Herbarium XRF scanning

During six weeks, ~7300 herbarium specimens at the Forest Research Centre (FRC) in Sabah, Malaysia were measured with XRF, using the same settings and titanium backing plate described in the calibration procedure. Given that the FRC Herbarium contains ~350 000 specimens (~10 000 taxa) a selection was made and consisted of: all specimens in the families Phyllanthaceae, Salicaceae, Violaceae and Sapotaceae (totalling 5975 specimens), plus the genera Walsura (Sapindaceae – 98 specimens) and Mischocarpus (Meliaceae – 81 specimens), and a single specimen from all species (1183) known to occur on ultramafic soils in Sabah. Incompletely identified specimens were omitted. This selection was based on previous studies on hyperaccumulator plants in Sabah18,33 with the aim to target the most likely phylogenetic linages for hyperaccumulator plants.

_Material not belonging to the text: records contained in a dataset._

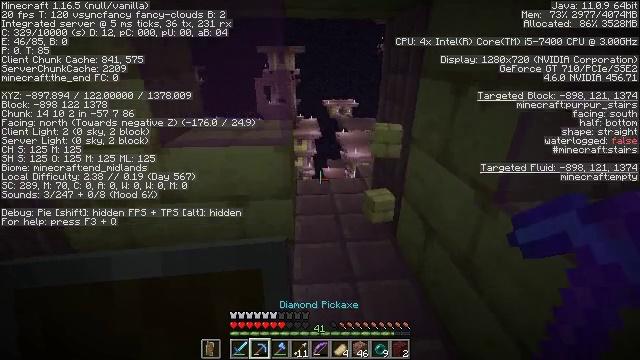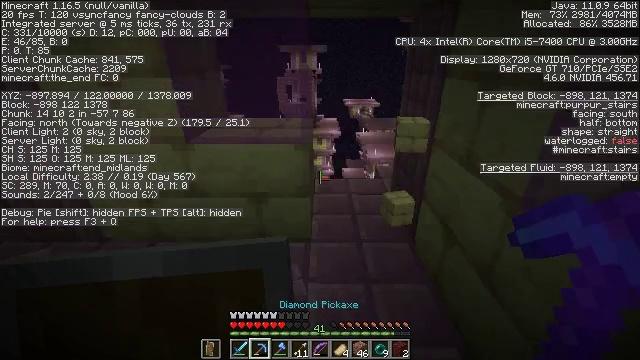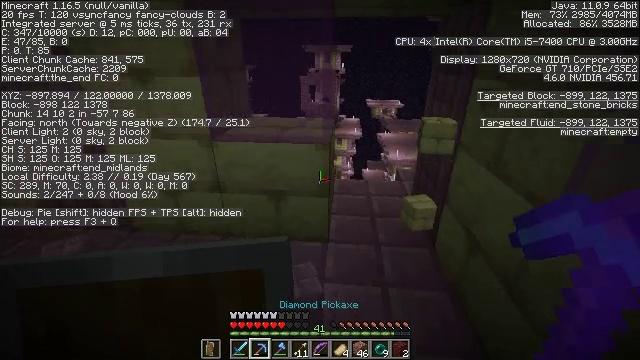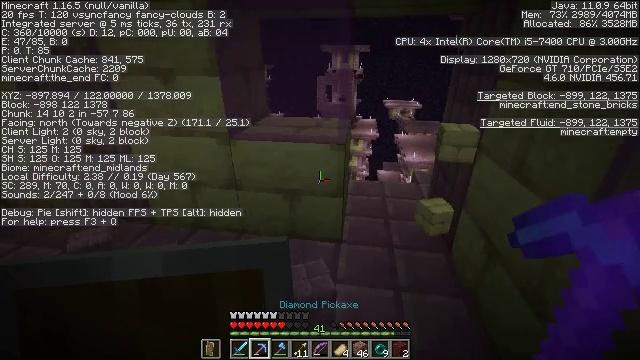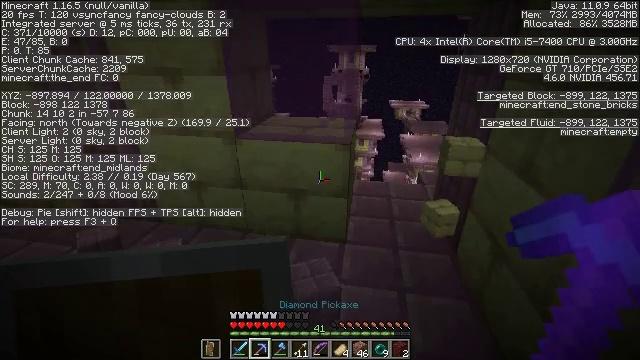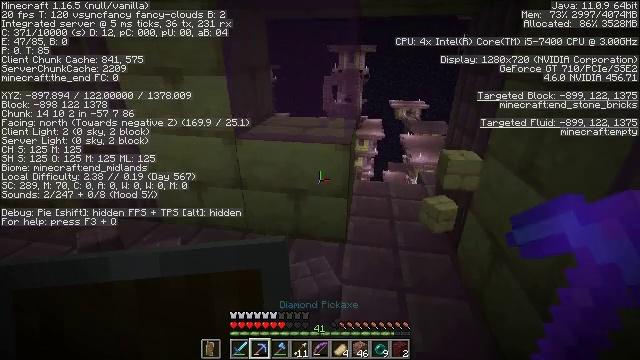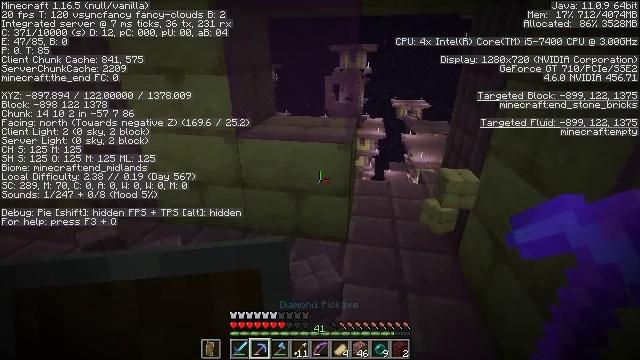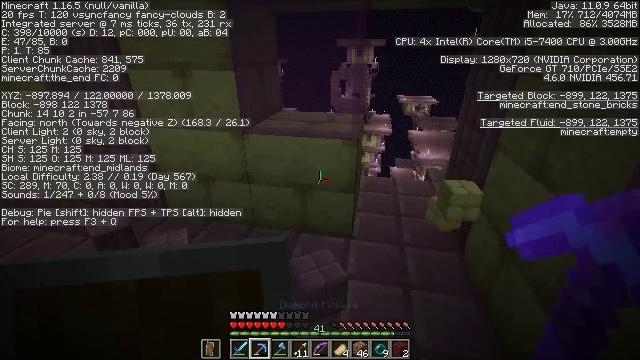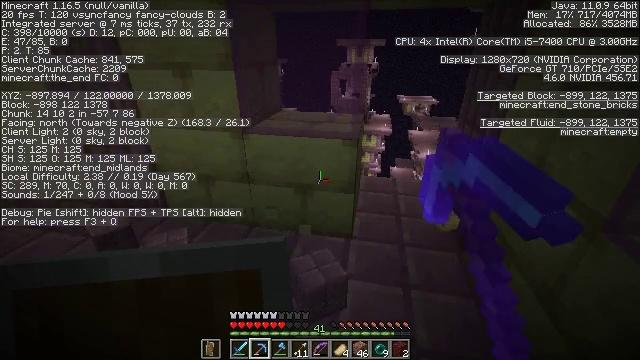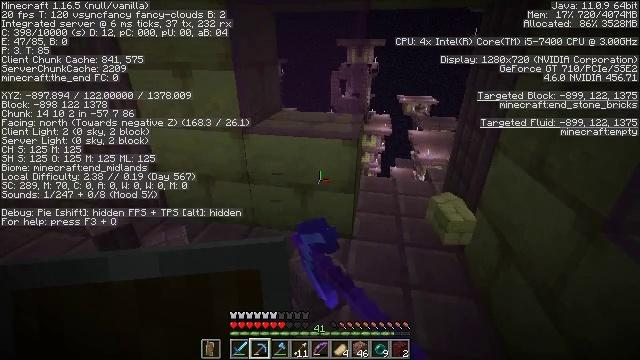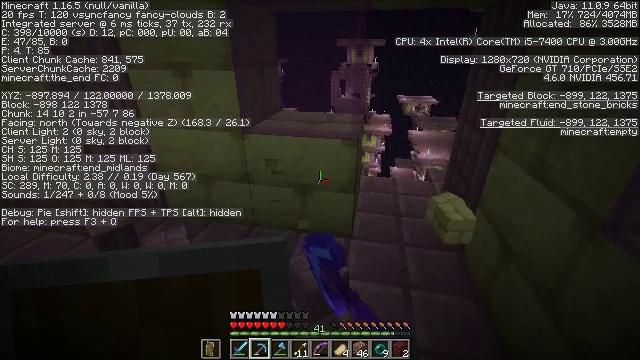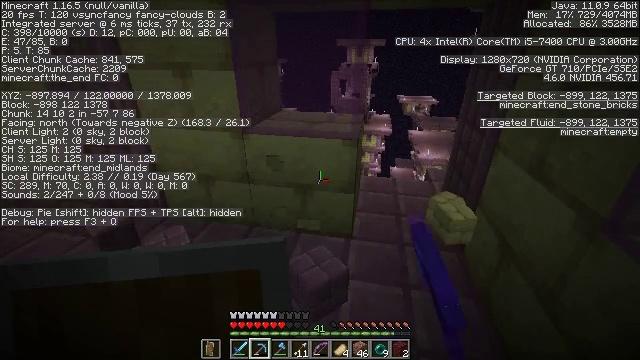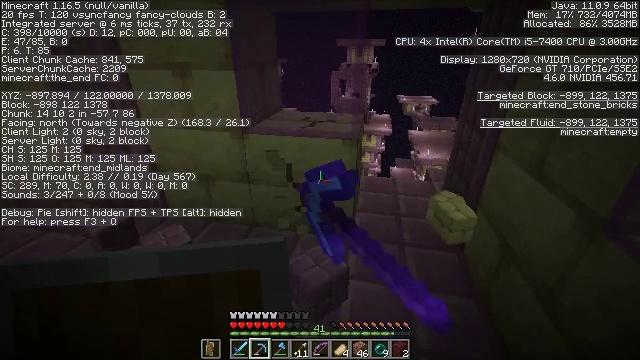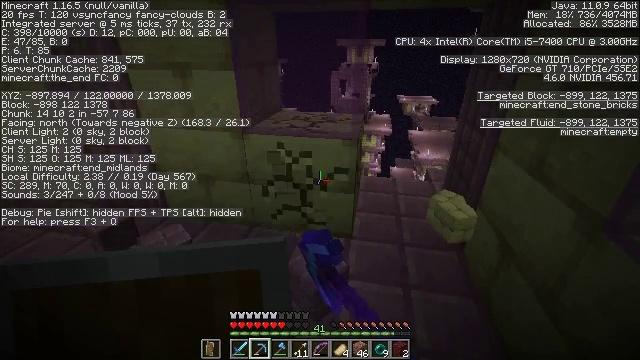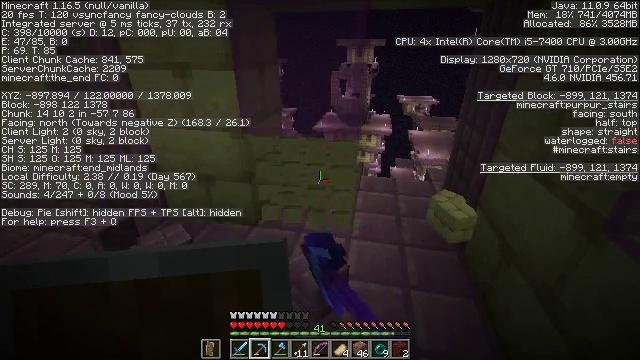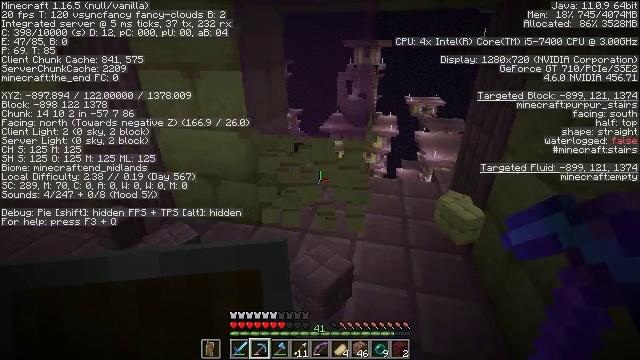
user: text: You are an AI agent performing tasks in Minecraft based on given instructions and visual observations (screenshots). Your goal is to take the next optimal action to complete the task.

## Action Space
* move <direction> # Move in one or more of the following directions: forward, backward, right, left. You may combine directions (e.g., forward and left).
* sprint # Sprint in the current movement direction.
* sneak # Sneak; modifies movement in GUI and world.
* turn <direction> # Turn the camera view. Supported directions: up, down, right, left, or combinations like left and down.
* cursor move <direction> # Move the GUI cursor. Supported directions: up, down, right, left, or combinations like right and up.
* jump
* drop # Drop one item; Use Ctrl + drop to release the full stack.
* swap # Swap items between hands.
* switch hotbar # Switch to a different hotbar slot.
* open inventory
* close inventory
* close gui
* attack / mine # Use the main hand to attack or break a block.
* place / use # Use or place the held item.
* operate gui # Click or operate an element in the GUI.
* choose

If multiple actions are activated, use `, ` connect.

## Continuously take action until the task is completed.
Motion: motion action
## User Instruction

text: Mine end stone bricks.
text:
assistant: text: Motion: turn left
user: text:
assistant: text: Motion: turn left
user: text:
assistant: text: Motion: turn left
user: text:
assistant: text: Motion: turn left
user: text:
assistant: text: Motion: no_op
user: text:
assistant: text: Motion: no_op
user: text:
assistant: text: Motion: turn left, attack / mine
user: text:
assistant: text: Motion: attack / mine
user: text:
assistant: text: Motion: attack / mine
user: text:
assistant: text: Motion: attack / mine
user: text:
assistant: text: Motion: attack / mine
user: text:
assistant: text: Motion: attack / mine
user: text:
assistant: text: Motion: attack / mine
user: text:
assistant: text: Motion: attack / mine
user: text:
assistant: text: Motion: turn left, attack / mine
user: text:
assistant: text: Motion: turn left and up, attack / mine
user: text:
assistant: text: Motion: turn left and up, attack / mine
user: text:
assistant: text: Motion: turn up, attack / mine
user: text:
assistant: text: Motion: attack / mine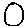
Label: circle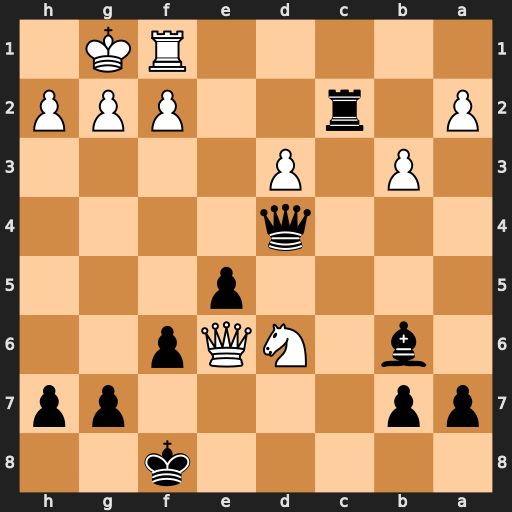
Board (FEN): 5k2/pp4pp/1b1NQp2/4p3/3q4/1P1P4/P1r2PPP/5RK1
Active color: b
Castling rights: -
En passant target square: -
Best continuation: Qxf2+ Rxf2 Rc1#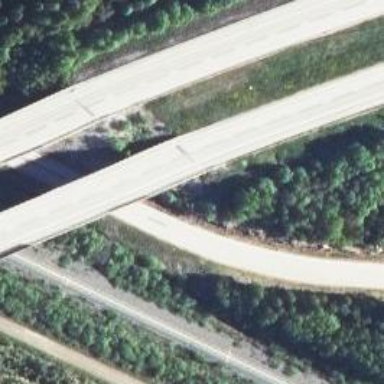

In New Caledonia, herbarium XRF scanning was undertaken at the L’Institut de Recherche pour le Développement (IRD). The selection of specimens consisted of a number of families known to include hyperaccumulators, from which all available specimens (originating from ultramafic and non-ultramafic soils) were scanned. These were: Cunnoniaceae, Phyllanthaceae, Salicaceae, Sapotaceae and Violaceae. In addition, XRF scanning was undertaken on 1–4 (depending on availability) specimens selected from every dicot species known to occur on ultramafic soils in New Caledonia (on the basis of occurrence records and geological maps), totalling 1372 species34. Only dicotyledons were measured, and no gymnosperms or monocotyledons were considered in this study.